Sadly it isn't just little kids that are snowflakes, those little fragile souls grow up. There is nothing better than watching a snowflake make it into the workforce and then crash and burn because they don't have the life skills to cope in the real world. It really is so much fun to watch. They have no idea how to be proactive and actually solve a problem, they just wait for someone else to come and tell them the solution to their problem because that is what helicopter mommy and daddy have done their whole life.

Luckily the management team here has little patience for these kinds of people and they are quickly shown the door but watching the clueless-nes is almost worth the extra work they create for the good employees...almost.
 

Yes, and...? I'm curious to know what dangers you think my kids might encounter.

Not so much you specifically. Just a point that those parents who couldn't handle their kids walking too far to catch school buses or waiting at the bus collection point alone could never deal with our bus system. The amount of cursing and other lewd behaviour on the buses every day (mostly by the teens and young adults, but add in a few drunks and it gets even more colorful ;) ) would make your hair curl.
 
Not so much you specifically. Just a point that those parents who couldn't handle their kids walking too far to catch school buses or waiting at the bus collection point alone could never deal with our bus system. The amount of cursing and other lewd behaviour on the buses every day (mostly by the teens and young adults, but add in a few drunks and it gets even more colorful ;) ) would make your hair curl.

I have to say..this is one of the reasons I enrolled my DD in the school I did. I did not like the idea of a K being on the same bus as a 5th grader. Just because the cursing and lewd behavior happen does not make them right and does not mean I should subject my young children to them. Heck, my DD thinks Hell is a swear! I guess someone could interpret that I am raising a snowflake. IDK. :confused3
 
/
Sadly it isn't just little kids that are snowflakes, those little fragile souls grow up. There is nothing better than watching a snowflake make it into the workforce and then crash and burn because they don't have the life skills to cope in the real world. It really is so much fun to watch. They have no idea how to be proactive and actually solve a problem, they just wait for someone else to come and tell them the solution to their problem because that is what helicopter mommy and daddy have done their whole life.
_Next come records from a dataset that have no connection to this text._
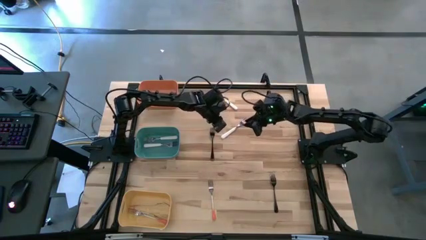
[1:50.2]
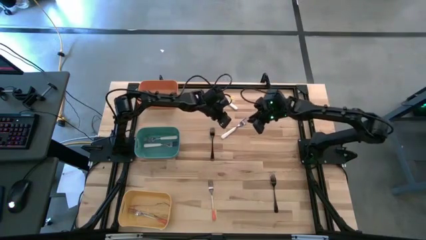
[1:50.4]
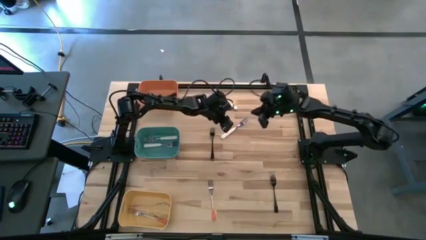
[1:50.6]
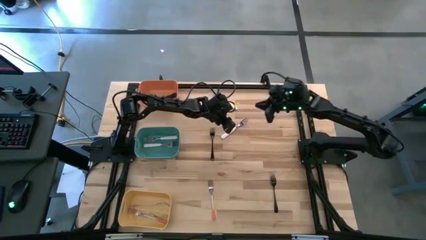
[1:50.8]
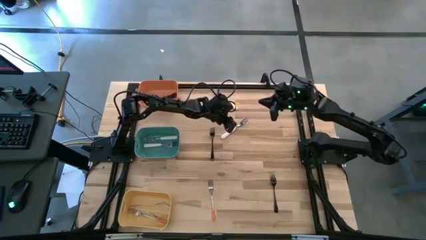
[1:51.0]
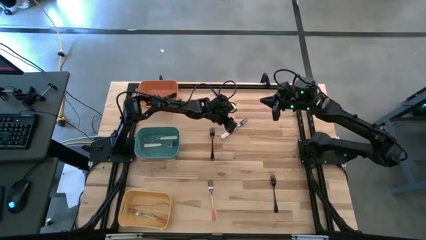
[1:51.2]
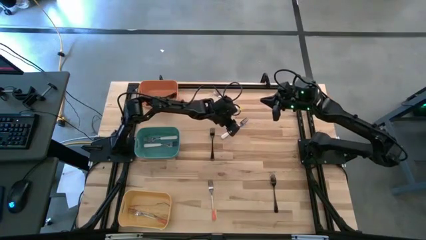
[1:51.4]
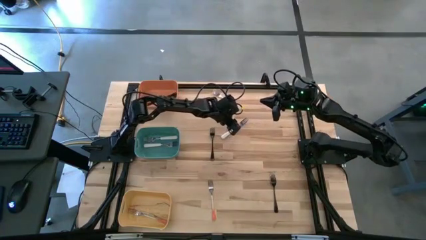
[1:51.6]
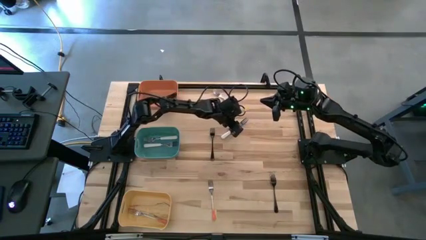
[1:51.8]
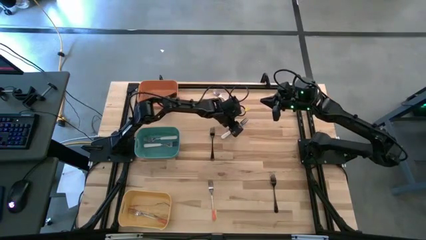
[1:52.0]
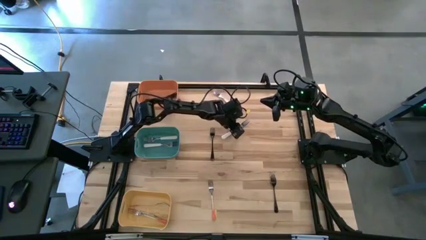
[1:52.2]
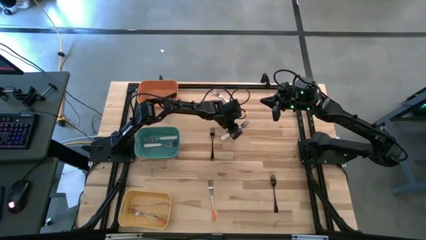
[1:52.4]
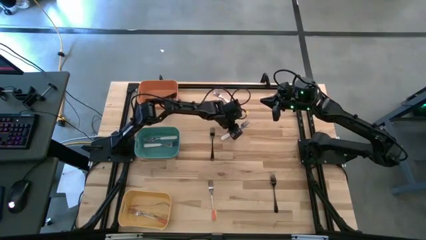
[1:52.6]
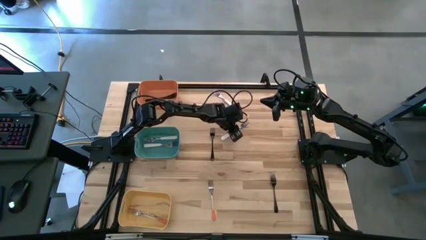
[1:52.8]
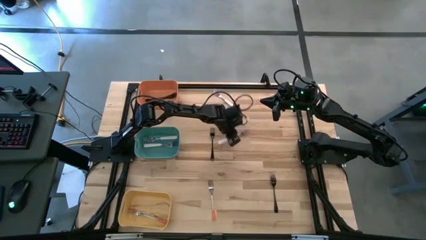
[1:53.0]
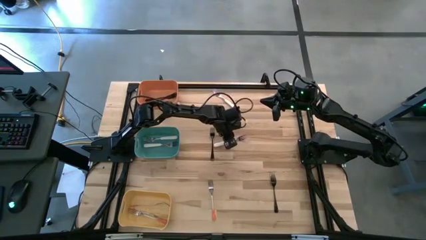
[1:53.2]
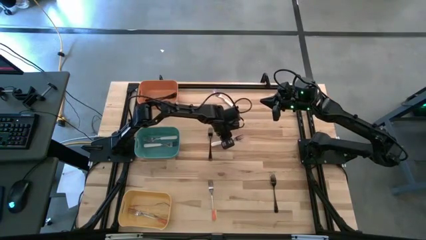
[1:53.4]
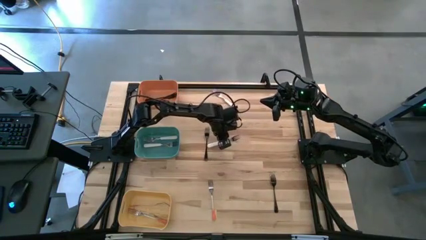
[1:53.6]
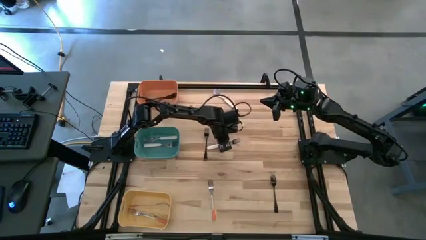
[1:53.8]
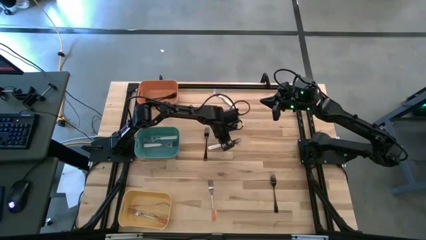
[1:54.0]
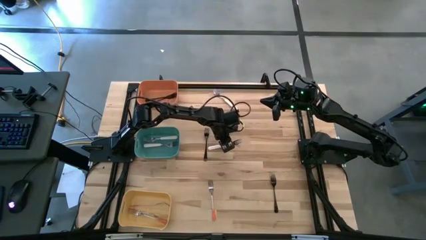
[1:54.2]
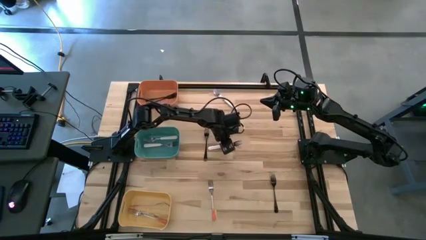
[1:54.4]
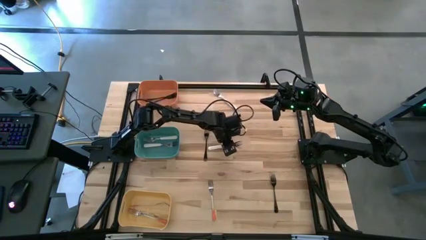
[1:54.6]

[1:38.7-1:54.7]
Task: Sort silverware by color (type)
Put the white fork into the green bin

Luckily the management team here has little patience for these kinds of people and they are quickly shown the door but watching the clueless-nes is almost worth the extra work they create for the good employees...almost.
OMG! You just perfectly described something that happened in our office last week or the week before.

Our boss had assigned a fresh-out-of-college Communications graduate to work up a fast promotion for a product on her own. She had two working days to bring it up to speed. Our 50-ish Sales guy was giving her all the data she needed for this promotion, but that wasn't enough for her. She wanted him (the Sales guy) to stay in our office and tell her how it should look, what it should say, where she should put the info, yadda yadda yadda. He simply didn't have the time for that. He had his own work to do.

She made a big deal about how her degree was in Communications, not Marketing and Sales, and how unfair it was to put this in her lap and make it her responsibility. I commisserated with her plight, but I had my own work to do. I couldn't be taking time out to help her because I have deadlines I have to meet.

I don't think these kids have learned that sometimes life puts you into a no-win situation. They have no clue how to handle the no-win scenario because they've never experienced it. It's how you get through that situation that determines your character and ability to handle it again in the future.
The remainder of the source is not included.